◆ What to produce ◆
Give the entries below again, word for word, and leave out the images.

◆ Material provided ◆
********
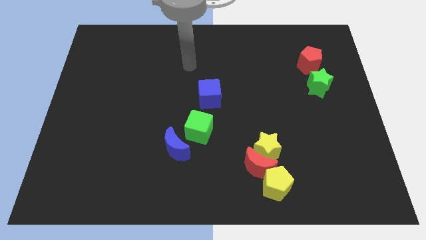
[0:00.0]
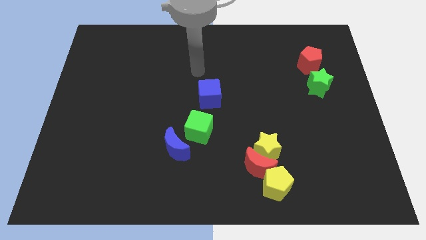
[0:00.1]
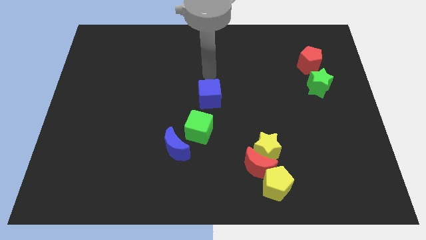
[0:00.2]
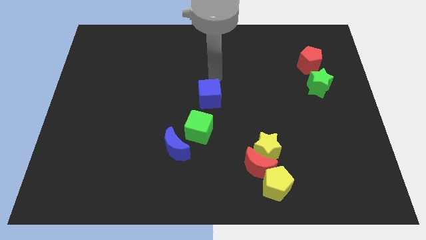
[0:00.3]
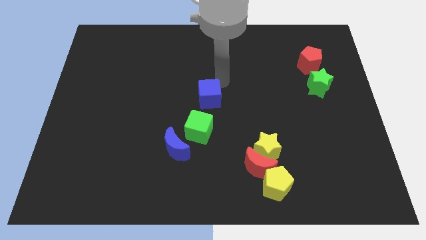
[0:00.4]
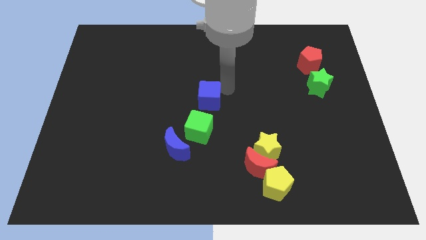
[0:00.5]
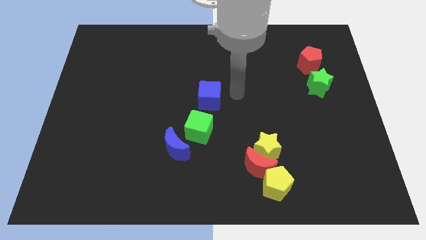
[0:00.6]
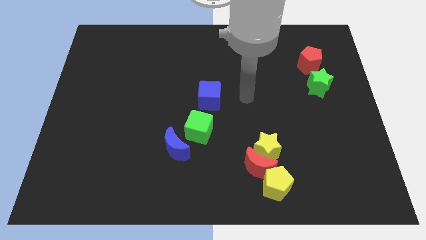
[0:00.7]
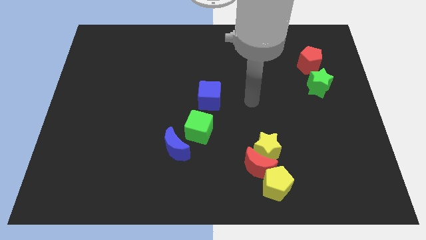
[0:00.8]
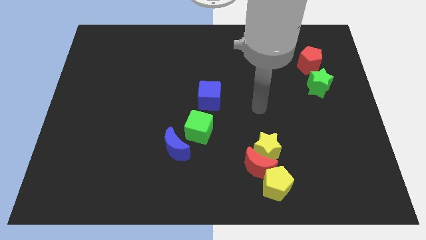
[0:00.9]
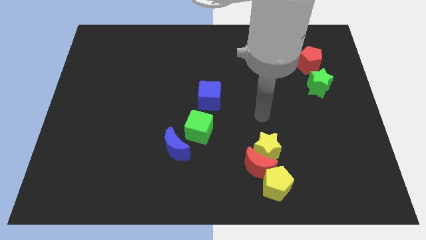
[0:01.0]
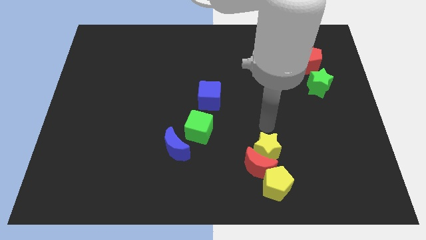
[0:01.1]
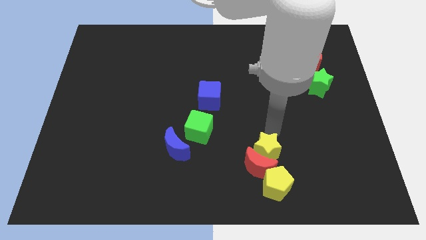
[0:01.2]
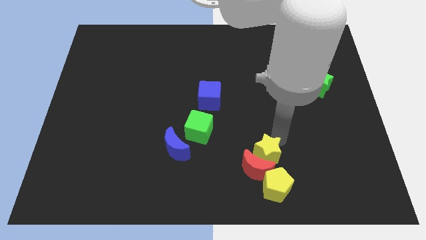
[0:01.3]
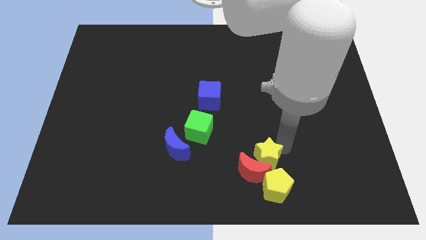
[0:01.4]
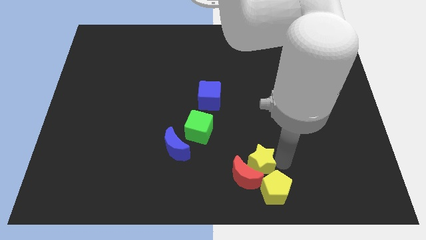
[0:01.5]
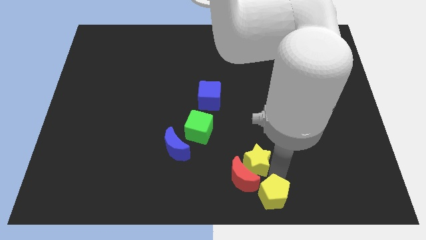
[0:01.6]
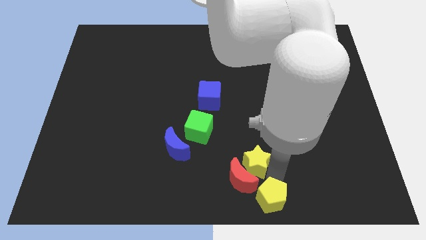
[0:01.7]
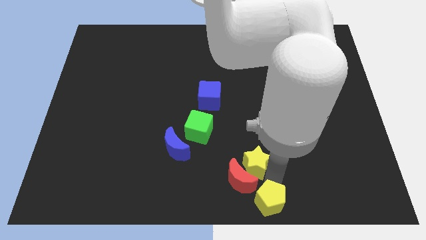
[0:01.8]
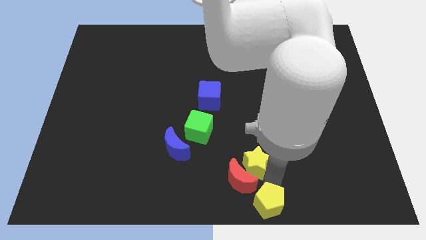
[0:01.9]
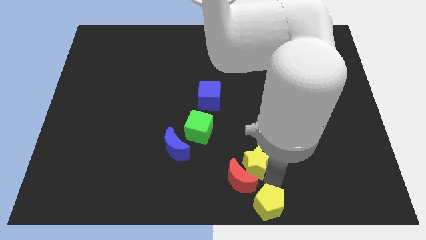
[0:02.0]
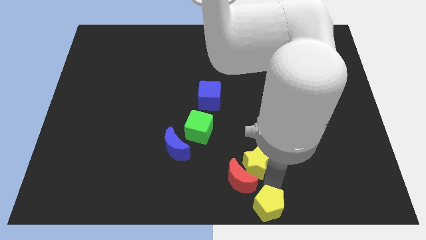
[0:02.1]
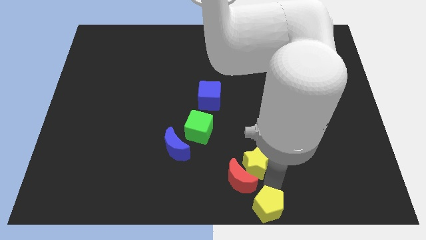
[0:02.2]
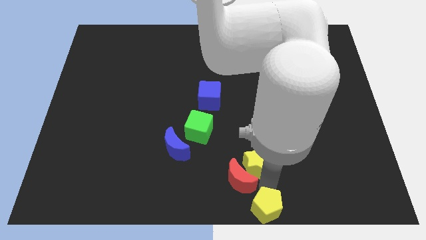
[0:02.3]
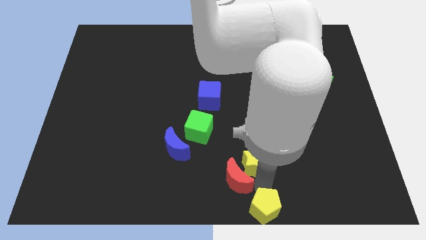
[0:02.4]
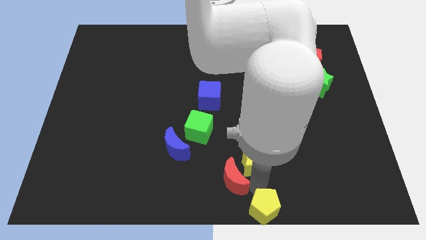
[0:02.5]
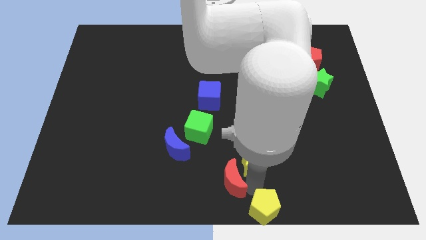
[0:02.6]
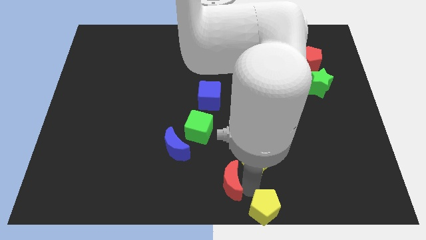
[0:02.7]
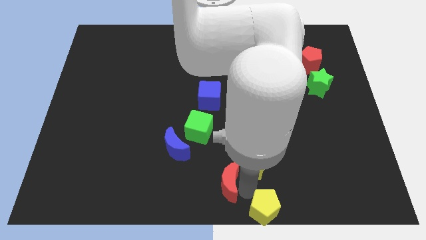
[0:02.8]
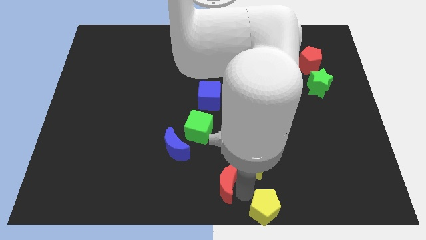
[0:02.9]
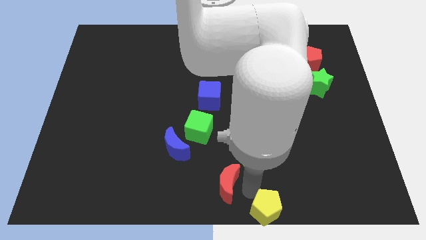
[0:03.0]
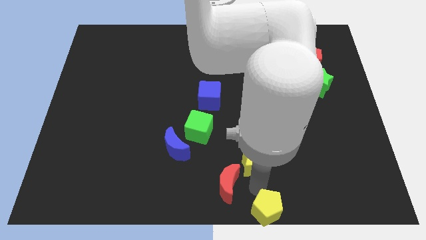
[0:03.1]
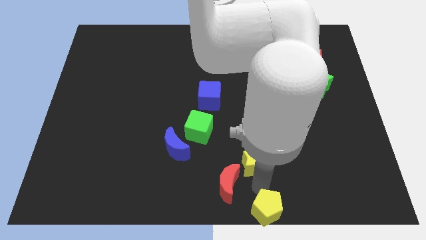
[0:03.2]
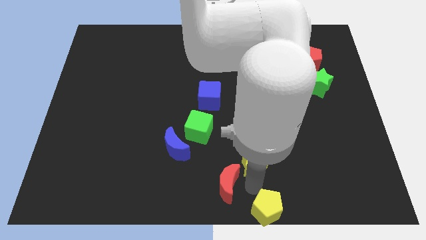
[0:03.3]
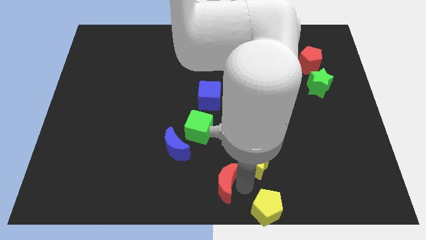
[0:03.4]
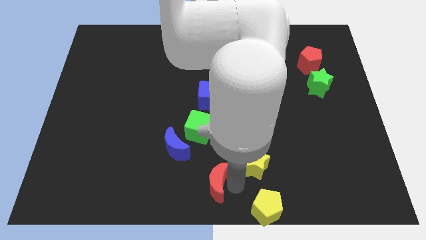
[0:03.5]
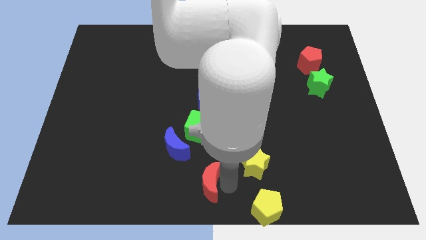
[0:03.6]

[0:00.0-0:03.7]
pull the red moon apart from the yellow star and yellow pentagon
********
◆ Your response ◆
[0:00.0]
[0:00.1]
[0:00.2]
[0:00.3]
[0:00.4]
[0:00.5]
[0:00.6]
[0:00.7]
[0:00.8]
[0:00.9]
[0:01.0]
[0:01.1]
[0:01.2]
[0:01.3]
[0:01.4]
[0:01.5]
[0:01.6]
[0:01.7]
[0:01.8]
[0:01.9]
[0:02.0]
[0:02.1]
[0:02.2]
[0:02.3]
[0:02.4]
[0:02.5]
[0:02.6]
[0:02.7]
[0:02.8]
[0:02.9]
[0:03.0]
[0:03.1]
[0:03.2]
[0:03.3]
[0:03.4]
[0:03.5]
[0:03.6]

[0:00.0-0:03.7]
pull the red moon apart from the yellow star and yellow pentagon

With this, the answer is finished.